I'd like the entries repeated exactly, pictures omitted.
(EXERCISE DATA Opens)
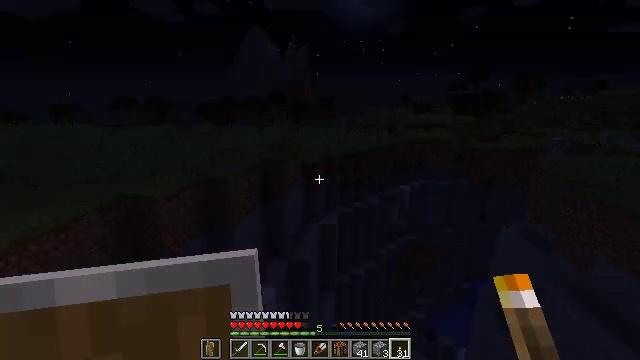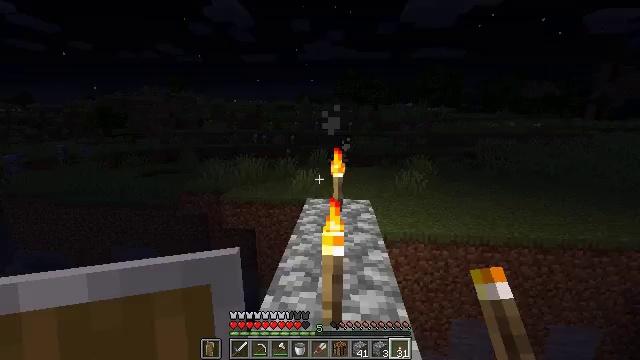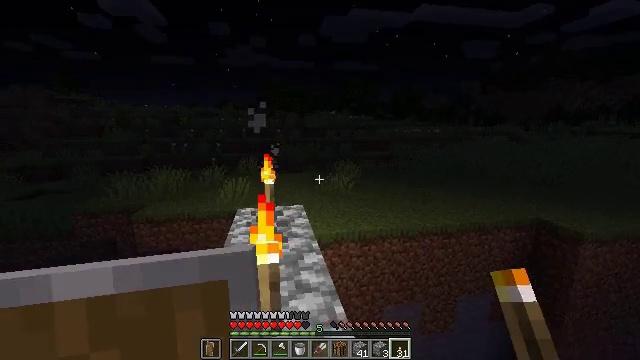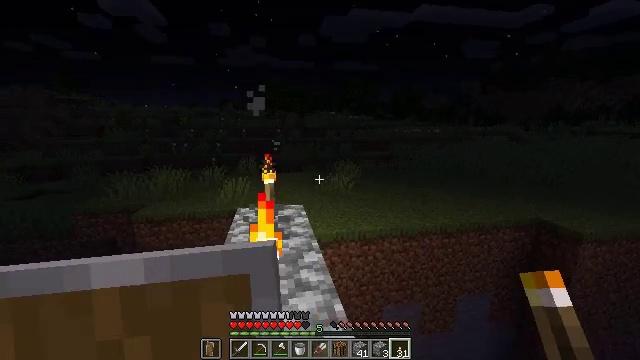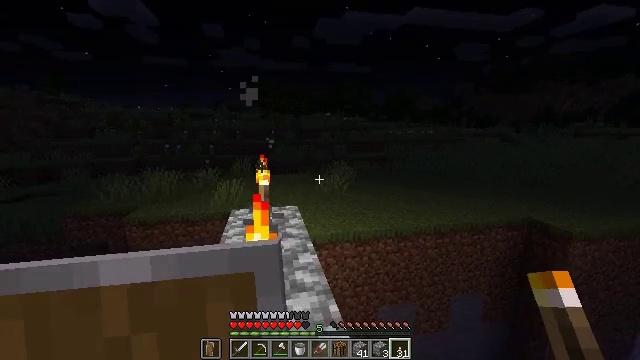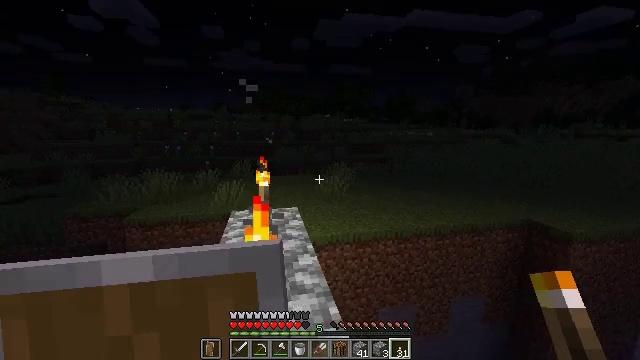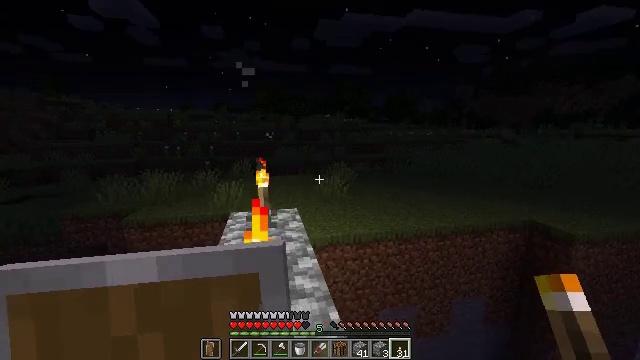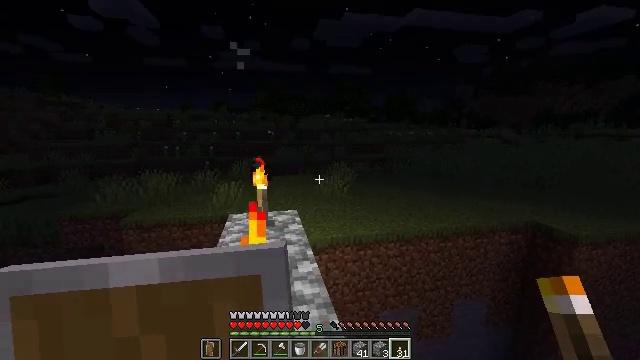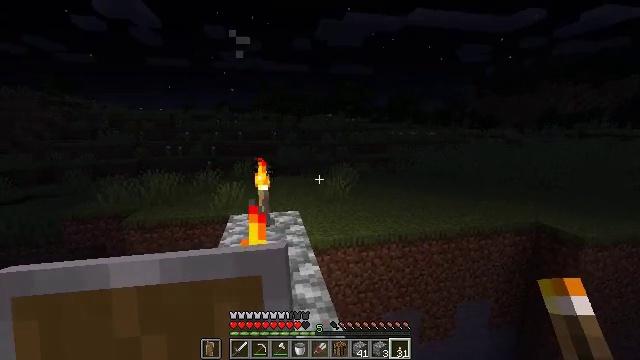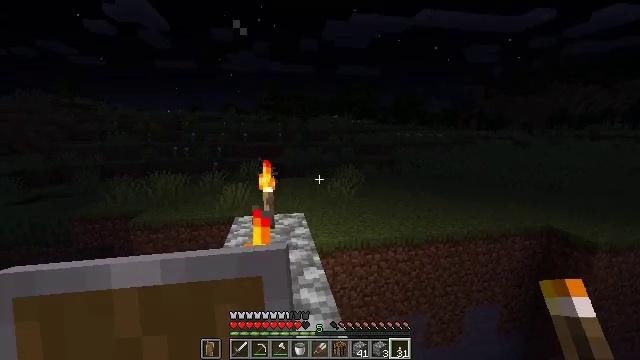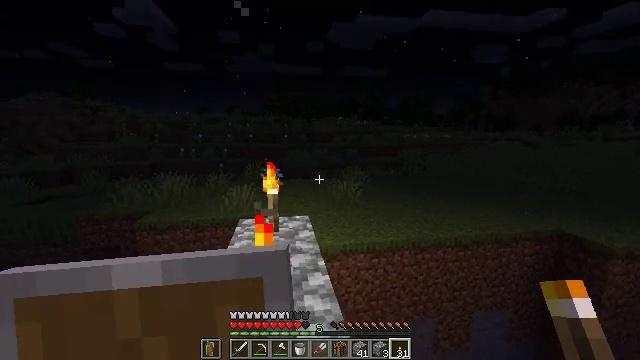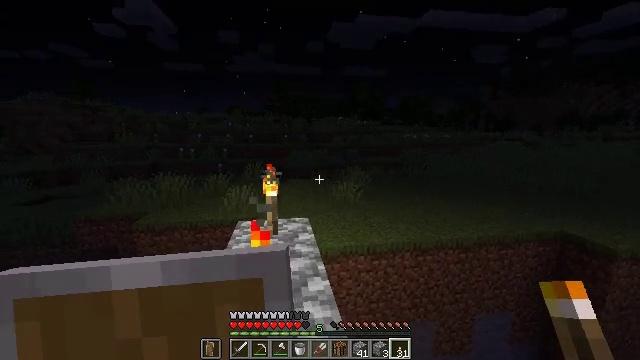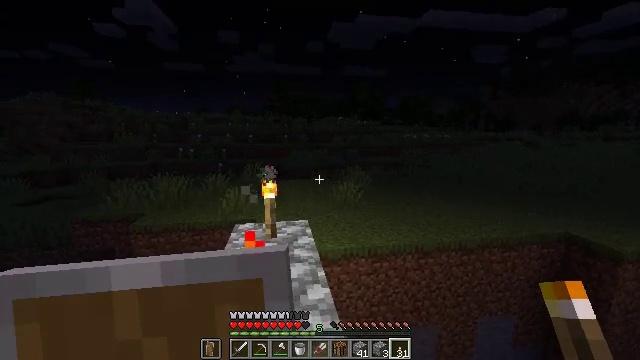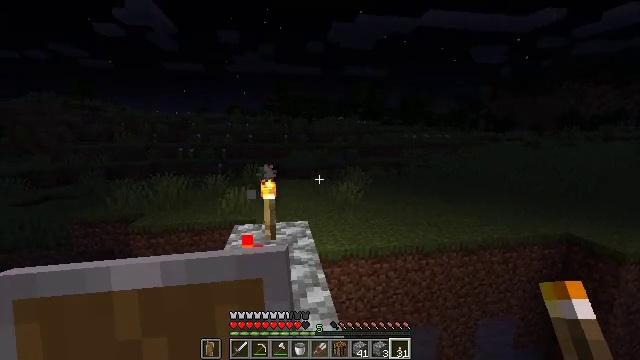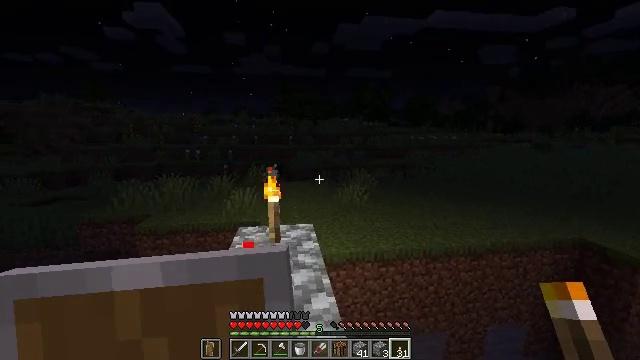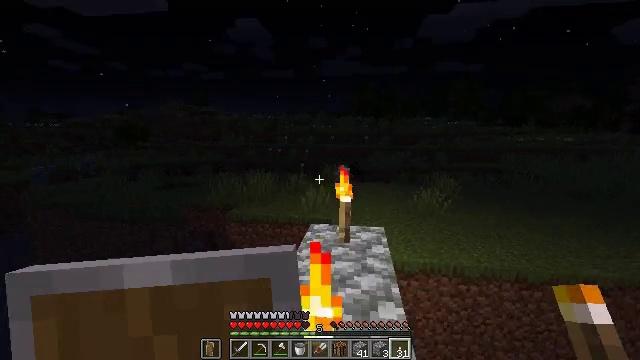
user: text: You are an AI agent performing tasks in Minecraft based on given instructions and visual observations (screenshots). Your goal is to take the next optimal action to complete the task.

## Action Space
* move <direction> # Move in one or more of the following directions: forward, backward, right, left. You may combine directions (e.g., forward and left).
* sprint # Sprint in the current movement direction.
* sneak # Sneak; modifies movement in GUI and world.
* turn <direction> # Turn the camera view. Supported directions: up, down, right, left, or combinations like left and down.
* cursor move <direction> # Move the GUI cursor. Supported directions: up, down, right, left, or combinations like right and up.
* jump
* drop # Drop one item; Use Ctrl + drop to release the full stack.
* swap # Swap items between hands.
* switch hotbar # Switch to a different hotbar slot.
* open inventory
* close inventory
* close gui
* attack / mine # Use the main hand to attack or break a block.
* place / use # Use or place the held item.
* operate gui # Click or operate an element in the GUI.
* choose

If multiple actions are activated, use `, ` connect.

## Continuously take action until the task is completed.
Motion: motion action
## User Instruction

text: Kill the chicken.
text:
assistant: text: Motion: sneak, turn right and up
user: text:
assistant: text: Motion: sneak, turn right and up
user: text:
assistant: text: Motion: sneak
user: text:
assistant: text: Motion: sneak, turn right
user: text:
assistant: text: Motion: move forward, sneak
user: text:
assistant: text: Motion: move forward, sneak
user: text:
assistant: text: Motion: move forward, sneak
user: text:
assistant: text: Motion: move forward, sneak
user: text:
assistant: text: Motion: move forward, sneak, turn left
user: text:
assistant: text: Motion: move forward, sneak, turn left
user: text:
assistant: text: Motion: move forward, sneak
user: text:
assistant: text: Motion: move forward, sneak
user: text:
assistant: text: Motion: move forward, sneak
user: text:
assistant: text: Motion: move forward, sneak, turn left
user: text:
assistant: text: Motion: move forward, sneak, turn left
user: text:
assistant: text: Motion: move forward, sneak, turn left and down
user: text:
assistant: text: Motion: move forward, sneak, turn left and down
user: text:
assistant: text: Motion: move forward, sneak, turn left
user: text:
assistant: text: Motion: move forward, sneak, turn left
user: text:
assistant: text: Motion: sneak
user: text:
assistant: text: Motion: sneak
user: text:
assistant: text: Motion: sneak
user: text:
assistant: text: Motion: move back, sneak
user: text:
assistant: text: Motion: move back, sneak
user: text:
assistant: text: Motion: move back, sneak
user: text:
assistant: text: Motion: move back, sneak
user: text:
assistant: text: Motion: move back, sneak
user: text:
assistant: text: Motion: move back, sneak
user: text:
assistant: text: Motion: move back, sneak
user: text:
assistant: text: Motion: move back, sneak
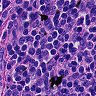
Metastatic tissue present: no
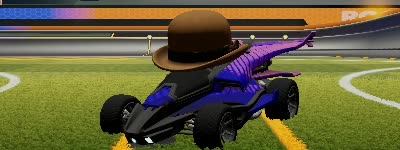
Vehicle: aftershock
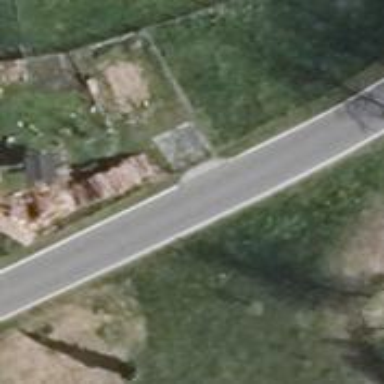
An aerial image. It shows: Emergency access point on the road.
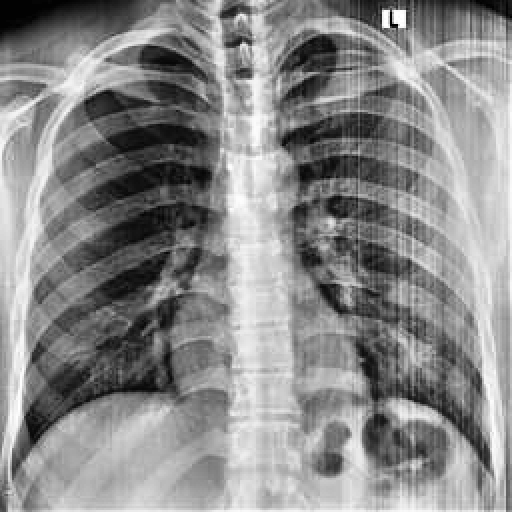
Finding: NORMAL
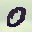
Label: 0
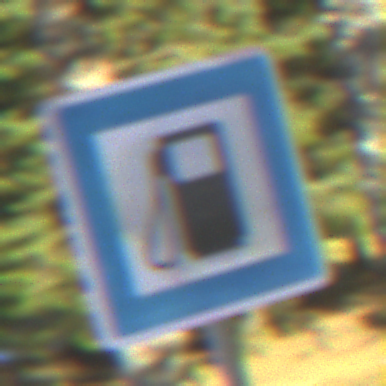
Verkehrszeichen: Tankstelle
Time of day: MorningAfternoon
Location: Outdoor (Nature)
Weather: Clear
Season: Winter
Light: Natural
(EXERCISE DATA Closes)
> **EXERCISE ANSWER**:
user: text: You are an AI agent performing tasks in Minecraft based on given instructions and visual observations (screenshots). Your goal is to take the next optimal action to complete the task.

## Action Space
* move <direction> # Move in one or more of the following directions: forward, backward, right, left. You may combine directions (e.g., forward and left).
* sprint # Sprint in the current movement direction.
* sneak # Sneak; modifies movement in GUI and world.
* turn <direction> # Turn the camera view. Supported directions: up, down, right, left, or combinations like left and down.
* cursor move <direction> # Move the GUI cursor. Supported directions: up, down, right, left, or combinations like right and up.
* jump
* drop # Drop one item; Use Ctrl + drop to release the full stack.
* swap # Swap items between hands.
* switch hotbar # Switch to a different hotbar slot.
* open inventory
* close inventory
* close gui
* attack / mine # Use the main hand to attack or break a block.
* place / use # Use or place the held item.
* operate gui # Click or operate an element in the GUI.
* choose

If multiple actions are activated, use `, ` connect.

## Continuously take action until the task is completed.
Motion: motion action
## User Instruction

text: Kill the chicken.
text:
assistant: text: Motion: sneak, turn right and up
user: text:
assistant: text: Motion: sneak, turn right and up
user: text:
assistant: text: Motion: sneak
user: text:
assistant: text: Motion: sneak, turn right
user: text:
assistant: text: Motion: move forward, sneak
user: text:
assistant: text: Motion: move forward, sneak
user: text:
assistant: text: Motion: move forward, sneak
user: text:
assistant: text: Motion: move forward, sneak
user: text:
assistant: text: Motion: move forward, sneak, turn left
user: text:
assistant: text: Motion: move forward, sneak, turn left
user: text:
assistant: text: Motion: move forward, sneak
user: text:
assistant: text: Motion: move forward, sneak
user: text:
assistant: text: Motion: move forward, sneak
user: text:
assistant: text: Motion: move forward, sneak, turn left
user: text:
assistant: text: Motion: move forward, sneak, turn left
user: text:
assistant: text: Motion: move forward, sneak, turn left and down
user: text:
assistant: text: Motion: move forward, sneak, turn left and down
user: text:
assistant: text: Motion: move forward, sneak, turn left
user: text:
assistant: text: Motion: move forward, sneak, turn left
user: text:
assistant: text: Motion: sneak
user: text:
assistant: text: Motion: sneak
user: text:
assistant: text: Motion: sneak
user: text:
assistant: text: Motion: move back, sneak
user: text:
assistant: text: Motion: move back, sneak
user: text:
assistant: text: Motion: move back, sneak
user: text:
assistant: text: Motion: move back, sneak
user: text:
assistant: text: Motion: move back, sneak
user: text:
assistant: text: Motion: move back, sneak
user: text:
assistant: text: Motion: move back, sneak
user: text:
assistant: text: Motion: move back, sneak
Metastatic tissue present: no
Vehicle: aftershock
An aerial image. It shows: Emergency access point on the road.
Finding: NORMAL
Label: 0
Verkehrszeichen: Tankstelle
Time of day: MorningAfternoon
Location: Outdoor (Nature)
Weather: Clear
Season: Winter
Light: Natural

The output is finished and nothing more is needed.